Sie dürfen den Herstellern keine übermäßige administrative Belastung aufbürden.
Das sind die Punkte die ich hier bei einem PC als gefährdet sehe - das Mainboard muss es unterstützen sonst läuft nix und wenn es das Tut bleibt die Frage: Wie kann bei einem PC mehreres geladen werden im Standby wenn man den unter 1W Standard halten will - genau wie bei allen aktuellen Boards die die ErP funktion haben - wird ErP ignoriert solange was am USB Port Strom abnimmt - also bei 99% aller PC User wäre ErP immer trotzt aktiviertem Zustand - nie wirklich aktiv...

Das ist in meinen Augen eine Totgeburt - "im PC Bereich natürlich" da man hier durch die vielen Zusatzgeräte und dem Kabellos Standard der immer mehr wird - eine solche Auflage aushebelt!

Wird mit den Jahren sicher von jedem Hersteller implementiert (auch von uns) aber der wirkliche nutzen dieser Technoligie ist = 0!

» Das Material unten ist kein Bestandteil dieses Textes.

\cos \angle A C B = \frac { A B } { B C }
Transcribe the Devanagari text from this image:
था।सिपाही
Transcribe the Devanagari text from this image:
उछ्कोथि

Flextronics baut das AX1200 und das ist für das erste auch alles - damit sind so ziemlich alle Kapazitäten ausgereizt!


----------



## Frosdedje (13. August 2011)

Welche Probleme könnten für SSD-Inhaber nnach ihrer Aussage eintreten?
Datenverluste, SSD startet nicht, oder was anderes?
Und ich kann ihre Sorgen nachvollziehen, dass Betriebsprobleme kommen können.
Außerdem gibt es schon andere und bessere Wege, Strom zu sparen wie z.B mit einer Mehrfachsteckdose mit Kippschalter. 

Und die Frage wegen der ErP Lot-Richtlinie kan deswegen zustande, weil ein anderer großer Netzteilhersteller
mit dem ErP Lot 6-Richtlinie kräftig die Werbetrommel rührte und dann von einer Bauserie gleich eine zweite
Version mit gleicher Nennleistungen rausbrachte, die ErP Lot 6-ready ist, aber mehr kostet.


----------



## DieChaplinMelone (14. August 2011)

Bestätigen Tests des AX750/AX850 nicht, dass sie im Standbybetrieb weniger als einen Watt "verbrauchen"? Ich meine, PCGH hätte mal was von 0,8 Watt geschrieben...

@Frosdedje
Meinst du die "Logo-sieht-aus-wie-ein-Zahnrad"-Firma?

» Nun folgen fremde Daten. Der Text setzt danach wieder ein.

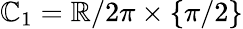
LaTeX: \mathbb{C}_{1}=\mathbb{{R}}/2\pi\times\{ \pi/2\}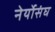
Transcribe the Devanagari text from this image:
नेर्योसंघ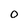
Character: 0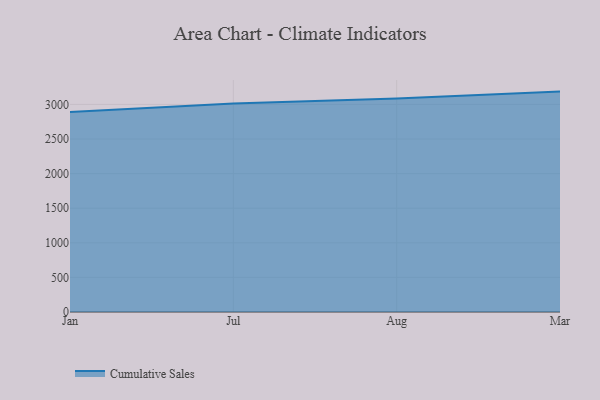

edit: http://www.tweakpc.de/hardware/tests/netzteile/corsair_ax750/s03.php
       Da steht, das AX750 würde weniger als einen Watt (nach der EuP-Verordnung bei einem Watt Verbrauch) aus der Steckdose ziehen. Oder versteh ich da jetzt etwas falsch?


----------



## Frosdedje (15. August 2011)

> nur die meisten SSD Kunden werden damit Probleme bekommen


Inwiefern?
Können Startprobleme auftreten oder sind Datenverluste möglich?



> das Mainboard muss es unterstützen sonst läuft nix


Aber viele aktuelle Mainboards beherrschen diese Funktion und bei ältere könnte man doch 
zumindest per BIOS-Update möglich machen, wenn das die Hersteller für ihre ältere Reihen bieten.


----------



## Bluebeard (24. August 2011)

Das ist soweit auch korrekt - die meisten unserer PSU's können das, aber diese sind darauf nicht Zertifiziert - da die PSU im Zweifelsfall sich an die Komponente richtet - nach Vorgabe wäre demnach das Laden via USB im Standby nicht möglich - es geht aber - wenn ich die PSU alleine teste - ganz klar  - erfüllt es als solche die ErP nur wir gehen nicht und werben mit etwas das der Kunde im realen Leben nie nutzen werden kann in dem dafür spezifizierten Umfang 

Die SandForce Basierten SSDs machen ja schon mit C-States ordentlich probleme - ein 1W ErP Mode bedeutet Deep StandBy - der dann auch immer aktiv ist - ergo beim Aufwachen wird man bei den meisten SandForce SSDs (egal von welchem Hersteller diese sind) mit einem netten Bluescreen begrüßt...

Aktuell unterstützen weniger als 10% der Boards ErP!


----------



## Frosdedje (5. September 2011)

Andere Frage:
Ich habe gestern eine Usernews über eine mögliche Erweiterung der Gaming Series geschrieben.
Wann kann man mit einer Veröffentlichung der 500W-Version rechnen und wie hoch wäre denn die UVP,
denn lt Newegg.com läge der Preis bei ca. 80 US-$.


----------



## Bluebeard (25. September 2011)

Mir liegen derzeit zu dieser PSU auch keine Informationen vor, sollten aber bald folgen - was ich aber schon mal sagen kann - das wir ein Auge auf den Gamingbereich geworfen haben und man hier mit einigen Neuerungen unserer Seits rechnen kann in den kommenden 4 bis 7 Monaten


----------